Traditional Culture Encyclopedia - Weather inquiry - Help me find five reciting articles, which are not famous, and there are some specific requirements in them.
Help me find five reciting articles, which are not famous, and there are some specific requirements in them.
This autumn seems particularly short. Inadvertently, maple leaves turn red, fallen leaves fall, and the wind rises in late autumn. Under the dim street lamp, a man walked inexplicably on the overpass, turned up his collar quickly, hid his neck inside, and hid his hand in the pocket of his coat as quickly as an arrow and flew back to the dormitory.
"Mom, it's cold. Make me a small cotton-padded jacket as soon as possible! "
"You see I'm crazy, I forget the things in the field when I'm busy. Ok, I'll do it right away ... You should also pay attention to yourself, don't catch a cold, your constitution is so weak ... "
"Mom, I know, you are always so wordy." I interrupted her impatiently before she finished.
The next morning, it was cloudy and gray, and it was raining in Mao Mao. "The rain in autumn is so cold." Against the biting cold wind, I curled up and walked on the way back to the dormitory from the restaurant. Far away, I vaguely saw a middle-aged woman, dressed extremely bloated and rough, with a khaki scarf around her head and a bulging bag in her hand, as if waiting for something. Look at the back, there is a feeling of deja vu.
Approached, I saw her pale pink scarf blown by the wind in a corner of the rain and fog, and that pile of gray and messy hair. The sunken eyes on the vicissitudes of life kept looking around for fear of missing something, as if every student who passed by her was the goal she was looking for. She wandered, searched and got wet on the eternal road in front of the dormitory, and her bloated and short body was particularly clumsy in the wind and rain. That figure suddenly feels so familiar! My heart ached suddenly. "It's my mother!" I gasped in shock. "No way, I just told her to make clothes last night, and she made them this morning?" I muttered to myself. But I rushed over quickly and got closer and closer ... "Really!" I said in surprise. "Mom, why are you here?" Hearing the crying, my mother suddenly turned around and her anxious face was full of joy. She said, "I heard from the weather forecast that the temperature has dropped these days. I was afraid you were cold, so I did it all night. You are in poor health. If ... ". My heart ached fiercely, like a sharp knife inserted into my chest accurately. ...

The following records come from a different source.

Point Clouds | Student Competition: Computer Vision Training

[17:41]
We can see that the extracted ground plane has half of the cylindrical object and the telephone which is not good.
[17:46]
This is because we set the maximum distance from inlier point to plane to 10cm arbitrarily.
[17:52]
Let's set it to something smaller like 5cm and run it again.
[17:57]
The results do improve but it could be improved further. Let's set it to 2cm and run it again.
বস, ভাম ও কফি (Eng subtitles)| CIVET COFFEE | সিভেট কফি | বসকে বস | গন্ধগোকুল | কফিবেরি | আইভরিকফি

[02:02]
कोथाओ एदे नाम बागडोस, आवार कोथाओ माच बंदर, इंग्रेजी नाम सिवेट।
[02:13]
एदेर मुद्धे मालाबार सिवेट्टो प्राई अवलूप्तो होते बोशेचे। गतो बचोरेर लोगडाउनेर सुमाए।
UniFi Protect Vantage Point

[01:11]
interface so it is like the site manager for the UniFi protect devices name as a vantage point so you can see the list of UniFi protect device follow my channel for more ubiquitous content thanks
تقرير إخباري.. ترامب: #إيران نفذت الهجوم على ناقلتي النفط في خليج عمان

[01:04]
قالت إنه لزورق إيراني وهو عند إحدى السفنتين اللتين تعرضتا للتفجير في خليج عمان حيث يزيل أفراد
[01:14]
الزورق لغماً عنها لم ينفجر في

It was then that I first saw my mother so closely and clearly. What beautiful hair it used to be, now it's gray and unkempt, and even the piles of forehead are dripping with rain; What kind of face is it: high and protruding forehead, deeply sunken eyes, crow's feet at the corner of eyes, sallow and withered face … Look at that dark gray coat, showing traces of years; Those hands clinging to cotton-padded clothes for fear of getting wet are as rough as roots and shriveled; The cracks on the hands are like the topography of the Loess Plateau, criss-crossing, fragmented, with deep incisions, some full of scars, some just like new wounds, and it seems that blood red can still be seen. ...

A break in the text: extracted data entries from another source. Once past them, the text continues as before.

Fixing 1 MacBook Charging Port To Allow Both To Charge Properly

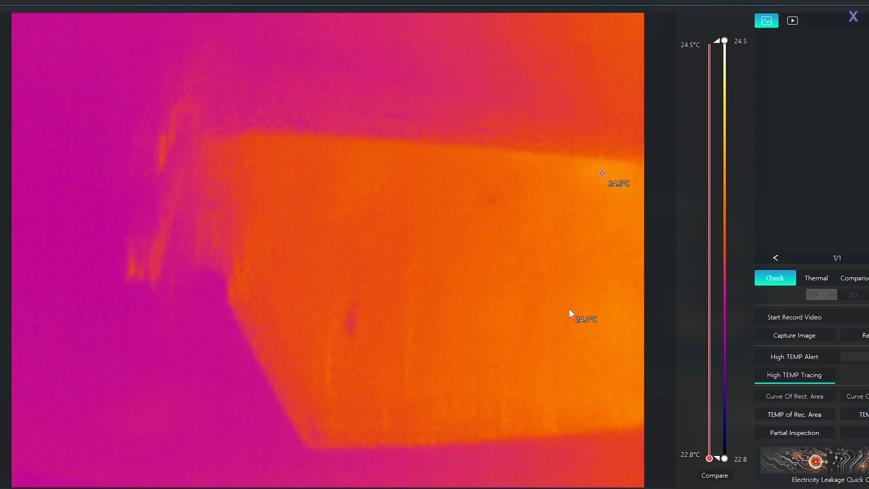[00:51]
On screen: scale top 24.5°C, scale bottom 22.8°C
So I'm going to plug in the top port to the top, and let's see.
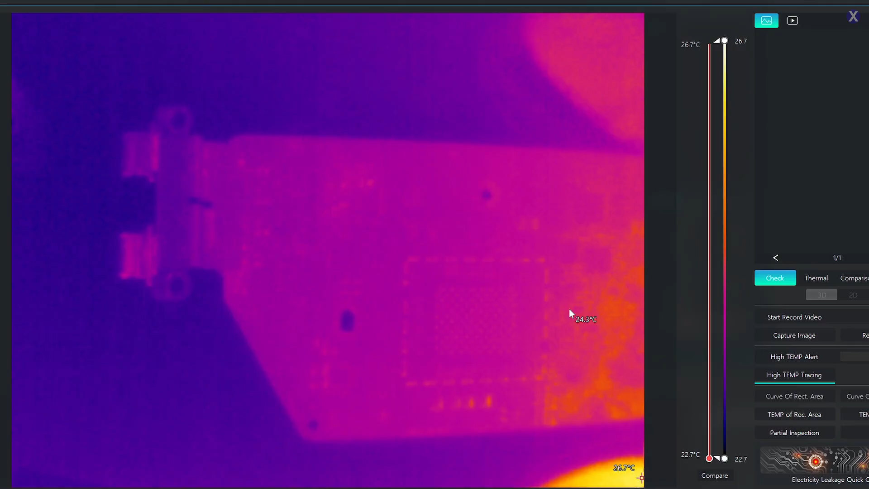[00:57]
On screen: scale top 26.7°C, scale bottom 22.7°C
Well, I might need to hold it from the bottom there, just so it doesn't disconnect. Let's see what happens. So if I plug in the top port there, no voltage. It looks completely dead, right? And it's plugged in, you don't see any, well, you might not see anything right there. Well, let's switch it up.
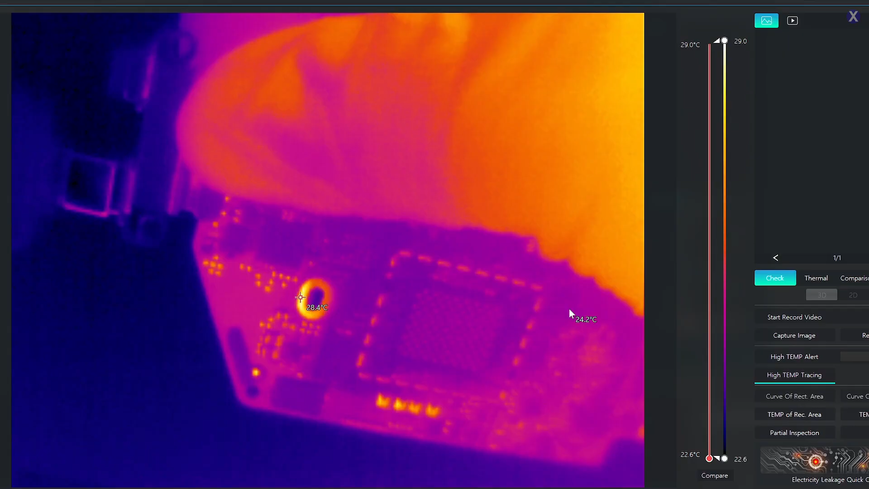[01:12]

My heart ached and I closed my eyes and cried.
At this time, my mother, like a child who did something wrong, asked me quietly with timid eyes: "What's the matter, are you uncomfortable, have you caught a cold?" ..... "I hugged her at once, and people's unscrupulous tears and rain mixed together ... After asking me if I was okay, my mother insisted on leaving, but after all, it was difficult, just like she stayed up all night making me a cotton-padded coat. But she left anyway.
Looking at the hazy back in the fog, I seem to stumble away easily until I disappear from my sight ... Close my eyes, and my tears gush out again ... I remember and meditate-mom, I'm sorry for you before, and I will try my best from now on. Your love for me can't be returned, so you can love me more in this life and let me be your mother in the afterlife!
Father, I finally understand your love.
Tonight, it was the first time that I was sad for my father, and it was also the first time that I cried for my father for half an hour!
In fact, I should be ashamed. I've always been selfish and worried about my own business. I can't sleep for many nights, trying to find comfort for my so-called happiness.
I couldn't help crying when I got a call from my brother. My brother's weak tone made my heart fall into a trough. My father is ill, and the doctor says it is incurable. Stop wasting money and rest at home! Doctors are not sure how long they can live, or half a year, or a little longer. This disease is life-threatening at any time. I don't want to believe that my father, who has always been cheerful, enthusiastic and unrestrained, will rely on drugs to maintain his life in the future. Let me worry every day in the future. Can he leave me anytime, anywhere? I covered myself in a quilt and cried bitterly, and my heart was broken for my father for the first time. ...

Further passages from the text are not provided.